_EXERCISE GOAL_
With the pictures left aside, write out exactly the lines of the listing below from the line with "Answer: no objects moved" to the line with "Nodule present: no", both included, and only those.

_RECORDS TO USE_
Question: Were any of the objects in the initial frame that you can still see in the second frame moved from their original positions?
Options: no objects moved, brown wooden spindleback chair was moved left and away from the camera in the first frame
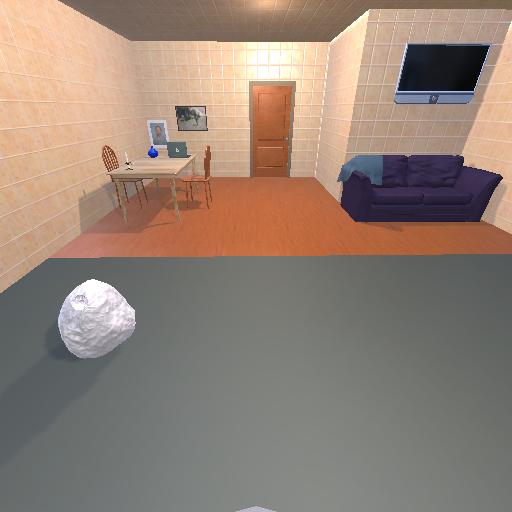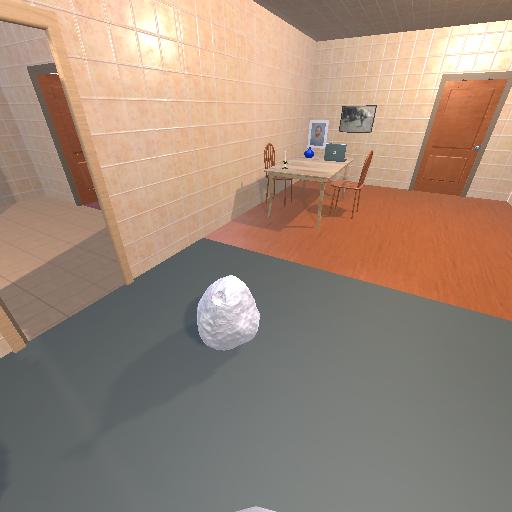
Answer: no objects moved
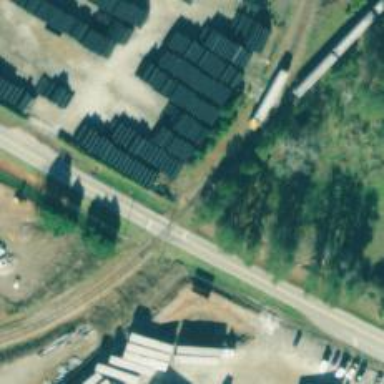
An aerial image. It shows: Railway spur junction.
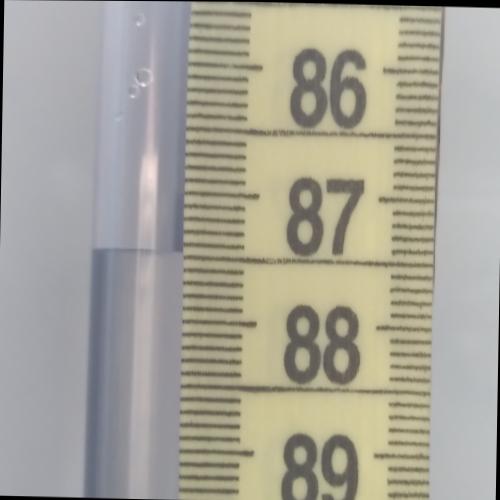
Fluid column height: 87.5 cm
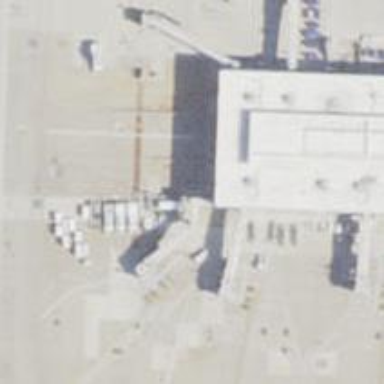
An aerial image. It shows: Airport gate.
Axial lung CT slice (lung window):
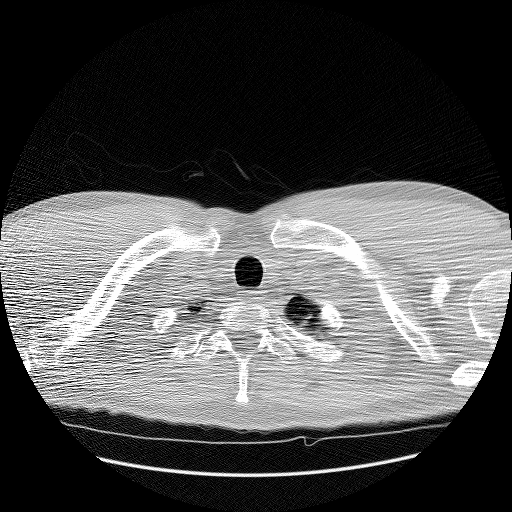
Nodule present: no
--
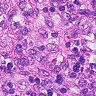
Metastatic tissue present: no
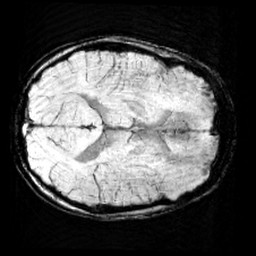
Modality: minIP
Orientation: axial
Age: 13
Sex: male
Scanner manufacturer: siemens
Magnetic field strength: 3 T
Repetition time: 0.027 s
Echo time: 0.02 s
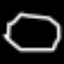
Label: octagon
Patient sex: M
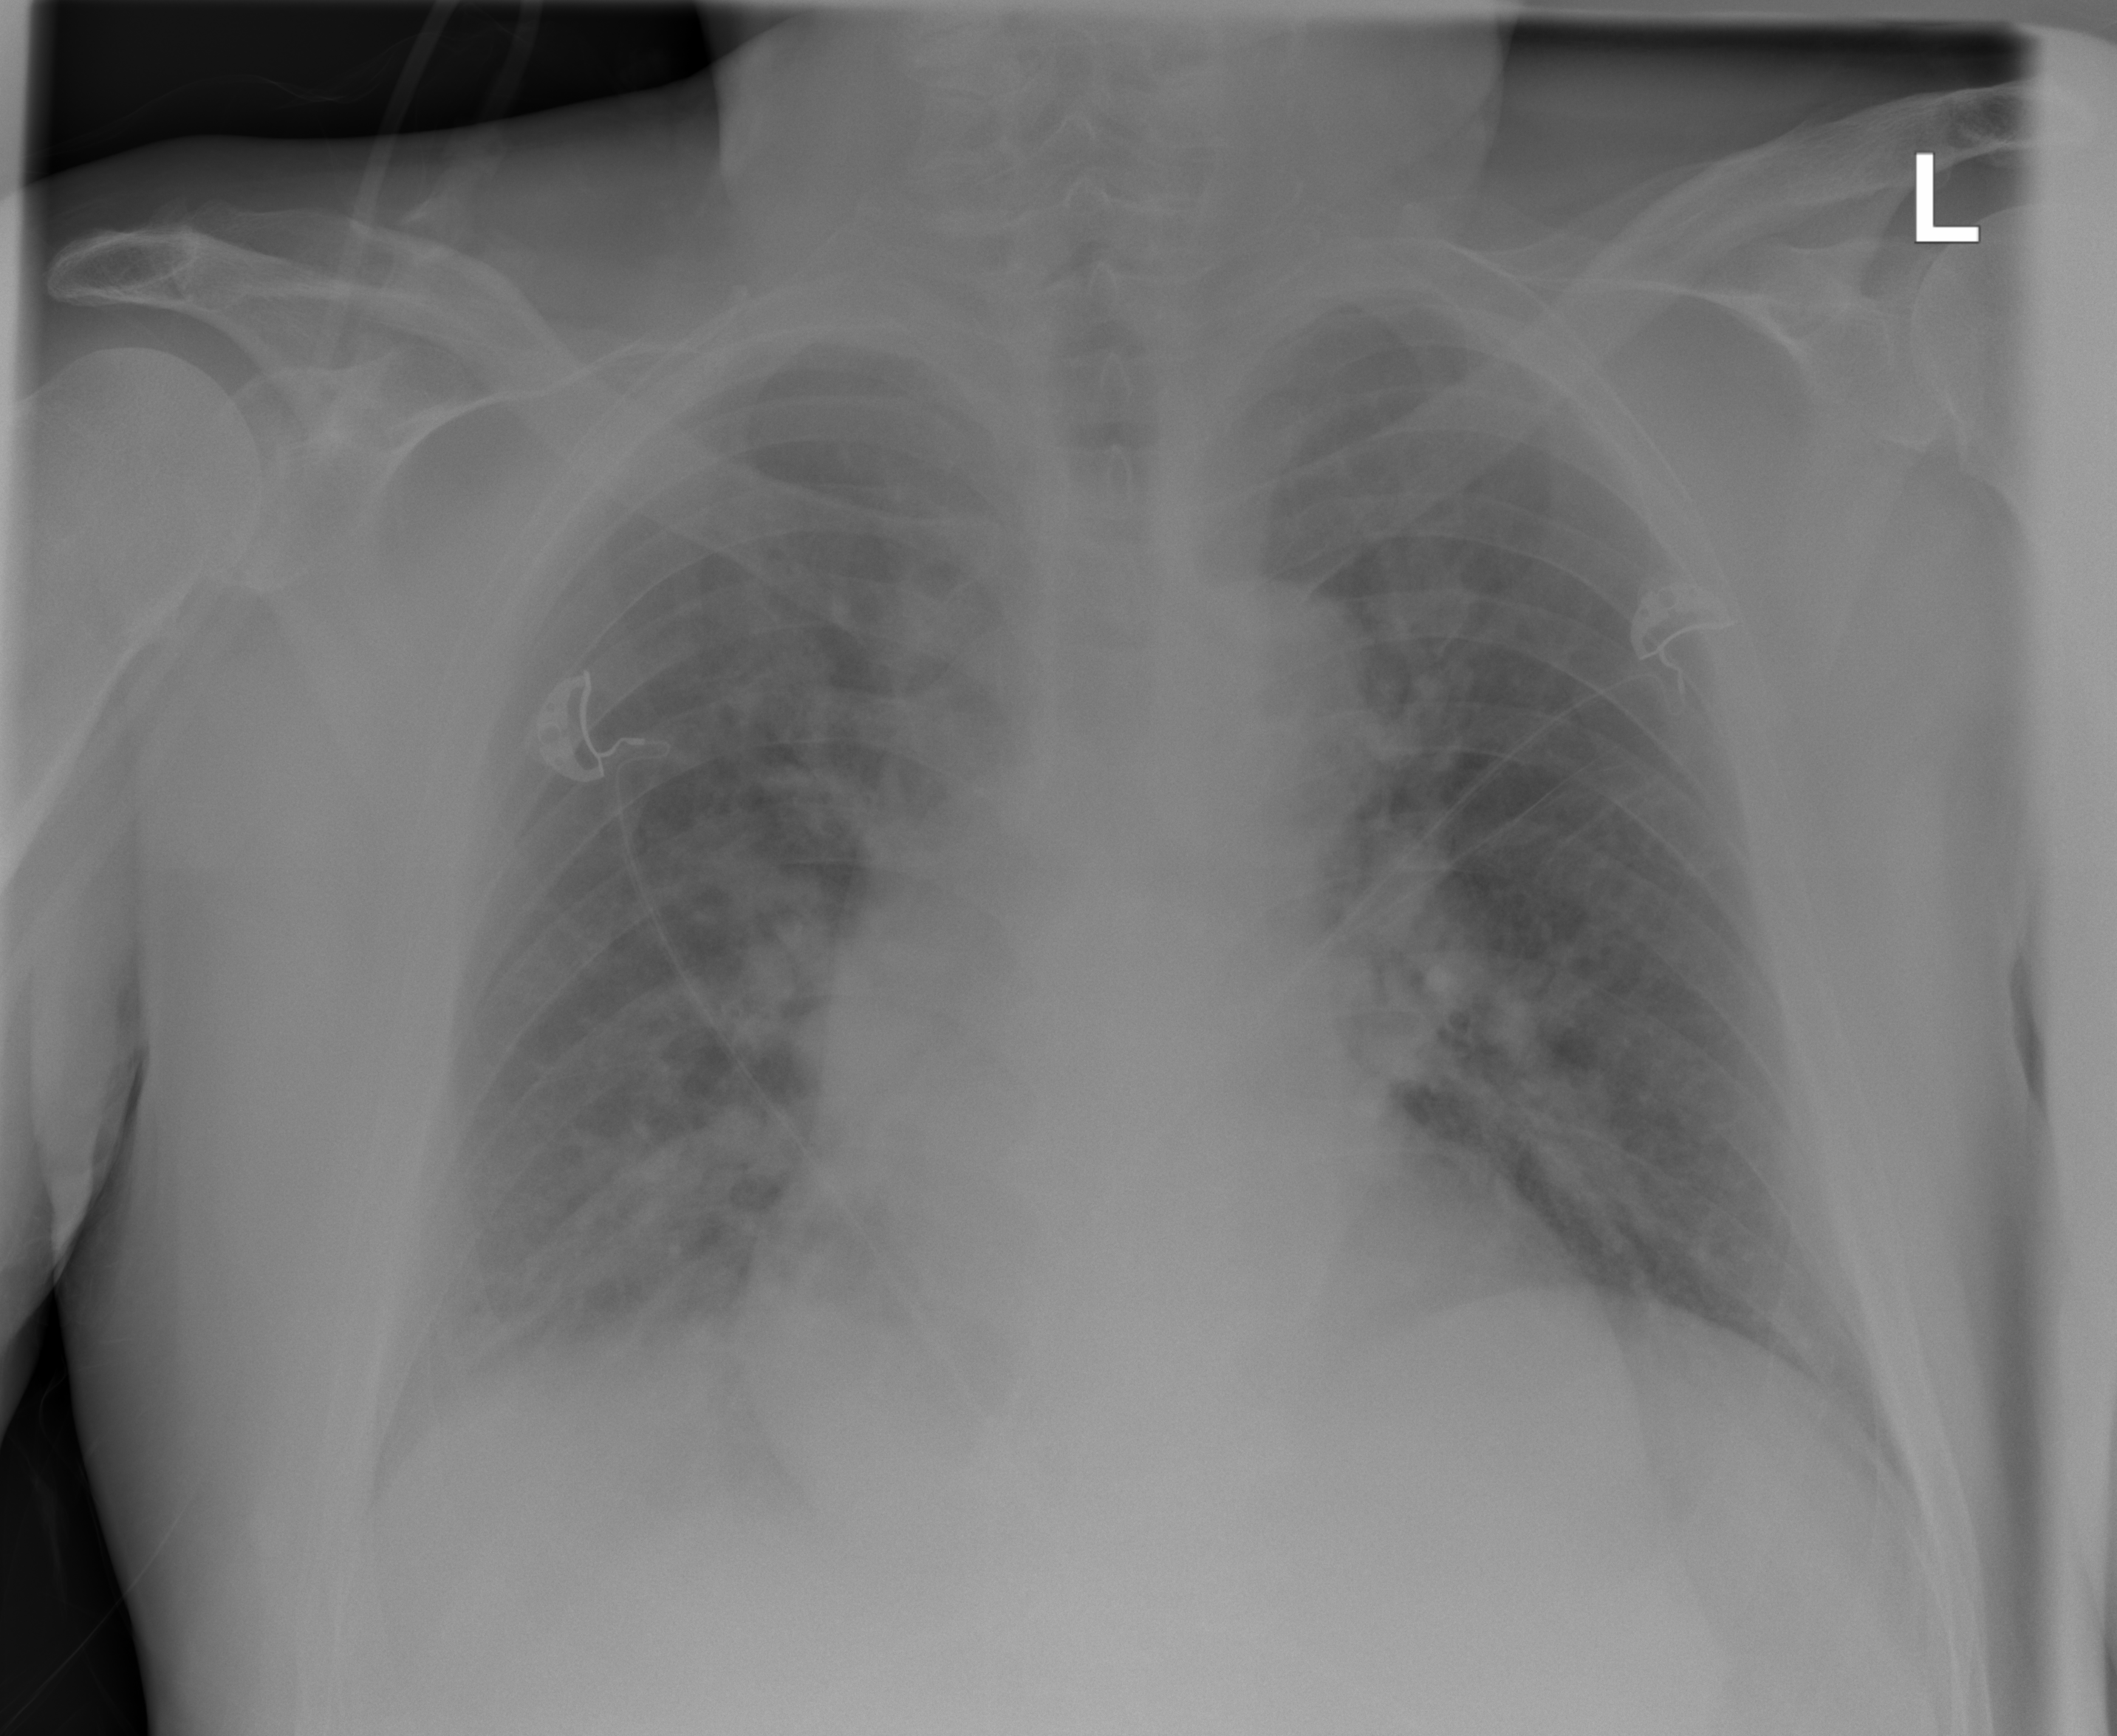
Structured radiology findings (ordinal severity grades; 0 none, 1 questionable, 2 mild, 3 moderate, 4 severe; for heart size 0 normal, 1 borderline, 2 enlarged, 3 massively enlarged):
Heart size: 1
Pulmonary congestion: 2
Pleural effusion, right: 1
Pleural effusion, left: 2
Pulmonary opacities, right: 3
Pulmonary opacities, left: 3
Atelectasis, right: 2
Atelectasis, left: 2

_RESULT OF THE EXERCISE_
Answer: no objects moved
An aerial image. It shows: Railway spur junction.
Fluid column height: 87.5 cm
An aerial image. It shows: Airport gate.
Axial lung CT slice (lung window):
Nodule present: no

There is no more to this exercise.